• WORK ORDER: Write out every entry exactly; the pictures do not belong in the copy.

• MATERIAL FOR THIS TASK:

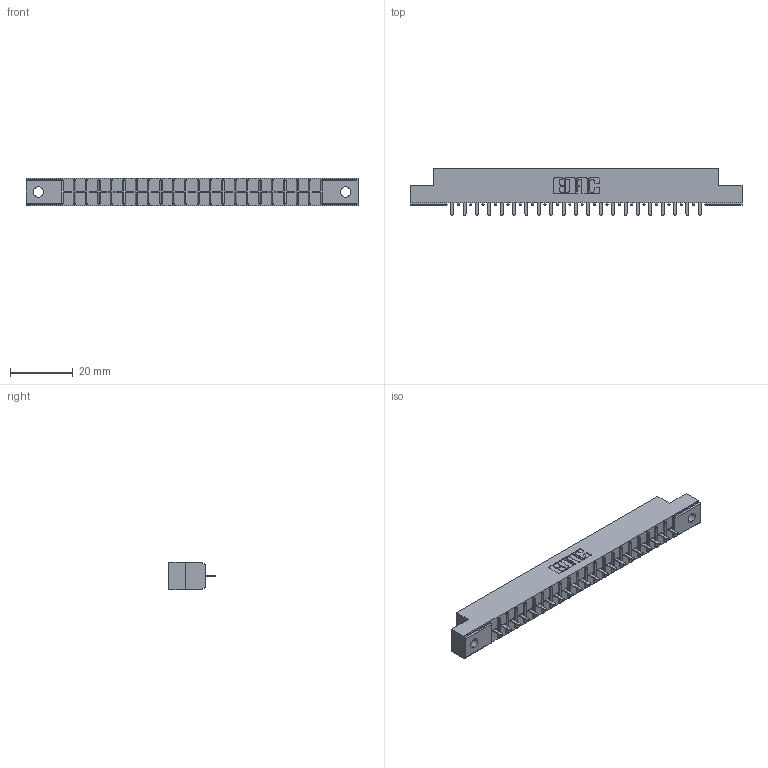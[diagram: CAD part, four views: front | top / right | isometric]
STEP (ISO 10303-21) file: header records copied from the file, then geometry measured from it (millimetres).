
FILE_DESCRIPTION (( 'STEP AP203' ), '1' );
FILE_NAME ('316-021-421-102.STEP', '2020-09-22T20:08:49', ( '' ), ( '' ), 'SwSTEP 2.0', 'SolidWorks 2020', '' );
FILE_SCHEMA (( 'CONFIG_CONTROL_DESIGN' ));
Length unit declared in the file: inch
Products named in the file (3): 306-290-001_121; 306 Part_.128 Dia; 316-021-421-102
Assembly tree (22 placements, depth 2):
  316-021-421-102
    306 Part_.128 Dia
    306-290-001_121  x21
Bounding box: 106.22 x 14.88 x 8.71 mm (x, y, z)
Volume: 7200.7 mm3; surface area: 10198.1 mm2
Topology: 22 solids, 22 shells, 1586 faces, 4453 edges, 2854 vertices
Faces by surface type: plane 1055, cylinder 447, sphere 84
Entity records: 22262 total; most frequent: CARTESIAN_POINT 3734, ORIENTED_EDGE 3698, DIRECTION 3685, EDGE_CURVE 1849, LINE 1435, VECTOR 1435, VERTEX_POINT 1174, AXIS2_PLACEMENT_3D 1125
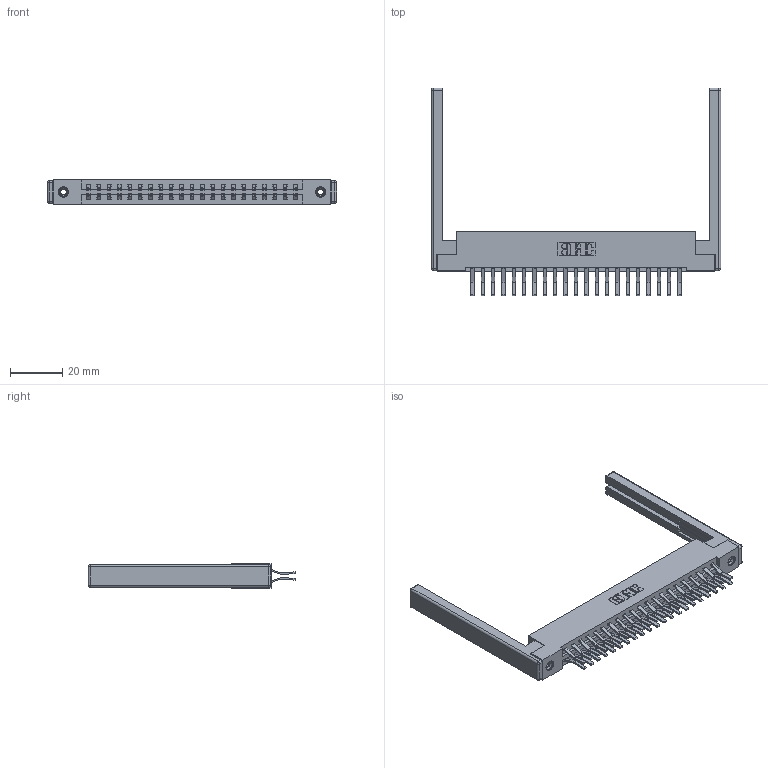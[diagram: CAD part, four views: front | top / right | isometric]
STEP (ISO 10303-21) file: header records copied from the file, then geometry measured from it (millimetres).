
FILE_DESCRIPTION (( 'STEP AP203' ), '1' );
FILE_NAME ('387-042-560-268.STEP', '2019-10-18T05:00:11', ( '' ), ( '' ), 'SwSTEP 2.0', 'SolidWorks 2016', '' );
FILE_SCHEMA (( 'CONFIG_CONTROL_DESIGN' ));
Length unit declared in the file: inch
Products named in the file (5): 337 Part_Flush Mounting Lugs - 0.156 Dia-TI; 345-292-001_560 Tail; 307-220-068; 345-250-001_345-250-001-102; 387-042-560-268
Assembly tree (47 placements, depth 2):
  387-042-560-268
    337 Part_Flush Mounting Lugs - 0.156 Dia-TI
    345-292-001_560 Tail  x42
    345-250-001_345-250-001-102  x2
    307-220-068  x2
Bounding box: 110.64 x 79.52 x 9.4 mm (x, y, z)
Volume: 16040.9 mm3; surface area: 17804.4 mm2
Topology: 47 solids, 47 shells, 2620 faces, 7715 edges, 5066 vertices
Faces by surface type: plane 1754, cylinder 842, cone 12, sphere 8, torus 4
Entity records: 21846 total; most frequent: CARTESIAN_POINT 3663, ORIENTED_EDGE 3588, DIRECTION 3228, EDGE_CURVE 1794, LINE 1612, VECTOR 1612, VERTEX_POINT 1186, AXIS2_PLACEMENT_3D 808

• RESPONSE BOX:
[diagram: CAD part, four views: front | top / right | isometric]
STEP (ISO 10303-21) file: header records copied from the file, then geometry measured from it (millimetres).
FILE_DESCRIPTION (( 'STEP AP203' ), '1' );
FILE_NAME ('316-021-421-102.STEP', '2020-09-22T20:08:49', ( '' ), ( '' ), 'SwSTEP 2.0', 'SolidWorks 2020', '' );
FILE_SCHEMA (( 'CONFIG_CONTROL_DESIGN' ));
Length unit declared in the file: inch
Products named in the file (3): 306-290-001_121; 306 Part_.128 Dia; 316-021-421-102
Assembly tree (22 placements, depth 2):
  316-021-421-102
    306 Part_.128 Dia
    306-290-001_121  x21
Bounding box: 106.22 x 14.88 x 8.71 mm (x, y, z)
Volume: 7200.7 mm3; surface area: 10198.1 mm2
Topology: 22 solids, 22 shells, 1586 faces, 4453 edges, 2854 vertices
Faces by surface type: plane 1055, cylinder 447, sphere 84
Entity records: 22262 total; most frequent: CARTESIAN_POINT 3734, ORIENTED_EDGE 3698, DIRECTION 3685, EDGE_CURVE 1849, LINE 1435, VECTOR 1435, VERTEX_POINT 1174, AXIS2_PLACEMENT_3D 1125
[diagram: CAD part, four views: front | top / right | isometric]
STEP (ISO 10303-21) file: header records copied from the file, then geometry measured from it (millimetres).
FILE_DESCRIPTION (( 'STEP AP203' ), '1' );
FILE_NAME ('387-042-560-268.STEP', '2019-10-18T05:00:11', ( '' ), ( '' ), 'SwSTEP 2.0', 'SolidWorks 2016', '' );
FILE_SCHEMA (( 'CONFIG_CONTROL_DESIGN' ));
Length unit declared in the file: inch
Products named in the file (5): 337 Part_Flush Mounting Lugs - 0.156 Dia-TI; 345-292-001_560 Tail; 307-220-068; 345-250-001_345-250-001-102; 387-042-560-268
Assembly tree (47 placements, depth 2):
  387-042-560-268
    337 Part_Flush Mounting Lugs - 0.156 Dia-TI
    345-292-001_560 Tail  x42
    345-250-001_345-250-001-102  x2
    307-220-068  x2
Bounding box: 110.64 x 79.52 x 9.4 mm (x, y, z)
Volume: 16040.9 mm3; surface area: 17804.4 mm2
Topology: 47 solids, 47 shells, 2620 faces, 7715 edges, 5066 vertices
Faces by surface type: plane 1754, cylinder 842, cone 12, sphere 8, torus 4
Entity records: 21846 total; most frequent: CARTESIAN_POINT 3663, ORIENTED_EDGE 3588, DIRECTION 3228, EDGE_CURVE 1794, LINE 1612, VECTOR 1612, VERTEX_POINT 1186, AXIS2_PLACEMENT_3D 808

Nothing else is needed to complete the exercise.